Home>Messages>Transcription tool hallucinates on the fly

Transcription tool hallucinates on the fly

dutchhealthhub

October 31, 2024

2 min

Transcription models that automatically summarize conversations with patients and turn them into text. It's the dream of many a healthcare professional. Thanks to AI tools like Whisper, that dream is becoming a reality. At least if "fabrications, racist comments, insults and nonsensical medical advice" don't throw a spanner in the works.
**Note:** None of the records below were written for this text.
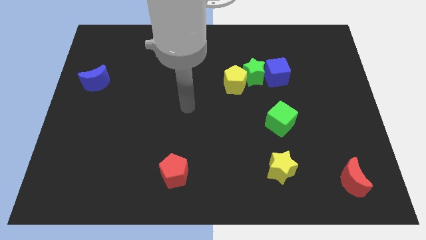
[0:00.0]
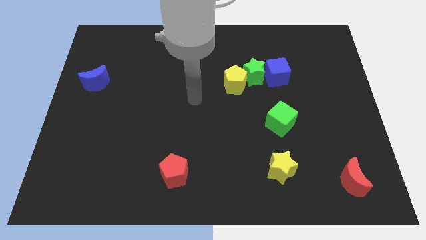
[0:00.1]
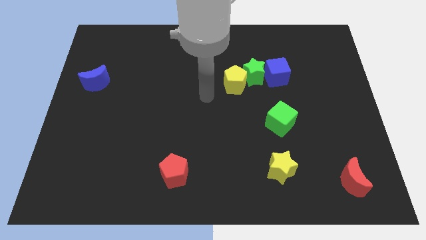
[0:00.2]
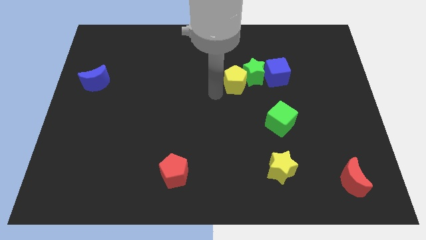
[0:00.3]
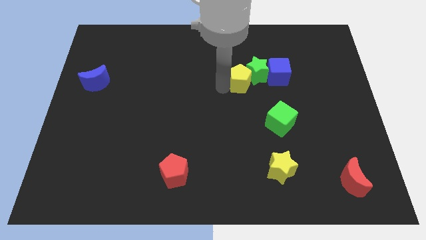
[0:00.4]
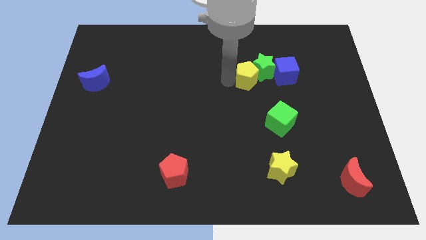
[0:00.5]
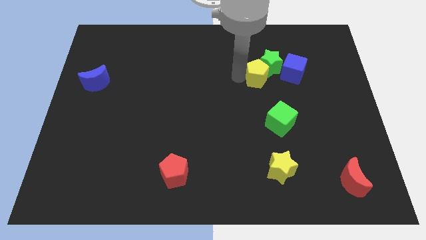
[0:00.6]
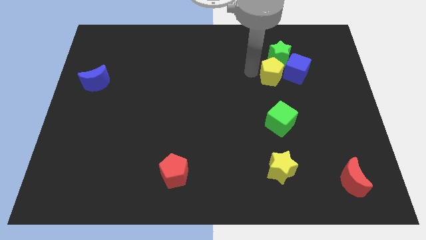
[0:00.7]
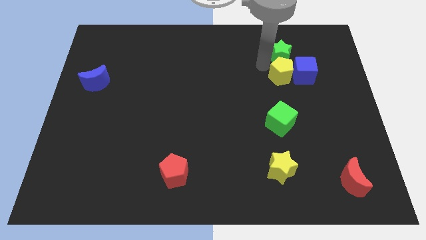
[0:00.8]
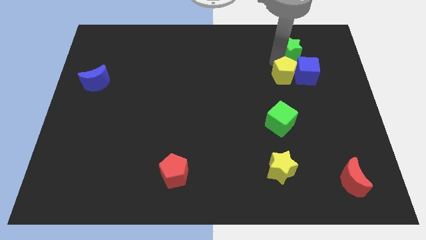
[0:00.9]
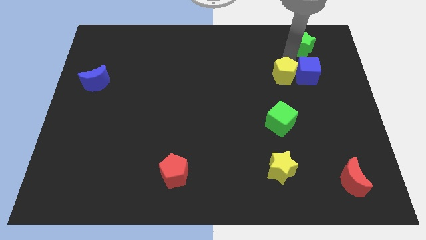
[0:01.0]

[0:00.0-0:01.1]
move the blue cube away from the green star

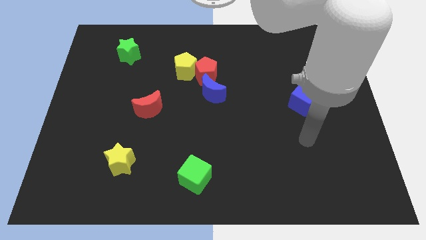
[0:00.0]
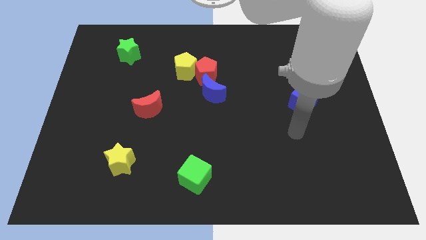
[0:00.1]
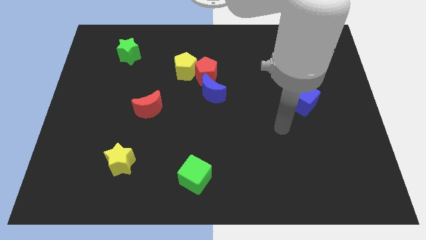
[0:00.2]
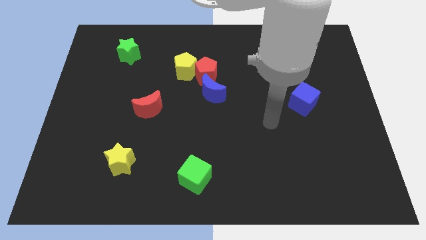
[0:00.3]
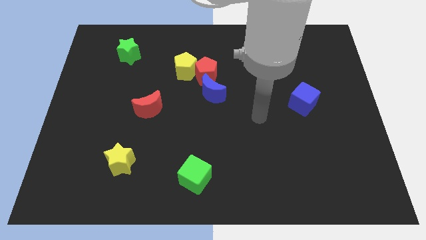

"Robust and almost as meticulous as a human." That's how OpenAI sells its transcription model Whisper. There is some question about that, according to recent research reported by AP news agency. This research shows that Whisper makes up words into whole phrases. These fabrications can even turn into "racist comments, insults and nonsensical medical advice ," according to experts surveyed by AP .

High-risk environment

Of course, OpenAI also knows that Whisper sometimes hallucinates on the fly. For that reason, the tech company advises against its use in high-risk environments such as healthcare. Yet this advice is being ignored by healthcare providers. AP sees "great haste among U.S. healthcare providers to deploy Whisper-based transition tools."

Hallucinations as an essential feature

Whisper is by no means the only AI model that struggles with accurate representation of human communication. According to Leiden University professor of Natural Language Processing (NLP) Suzan Verberne, hallucinations are an essential feature of language models. "Hallucination is not a bug but a feature," Verberne said. "What the model does is generate a plausible set of likely word sequences. The more specific the topic, the more likely hallucinations are, because information on such topics is more limited."

Continuous monitoring

This observation is given added relief when one considers that healthcare is a sector in which hyperspecialization is on the rise. Healthcare professionals who do start working with transcription models are forced to adjust and clean up the model considerably. There must also be continuous monitoring of the veracity of the representations. And so the intended time and efficiency gains can just go up in smoke. If ailing transcription models are already allowed to be used in healthcare when the AI Act will soon be in full force.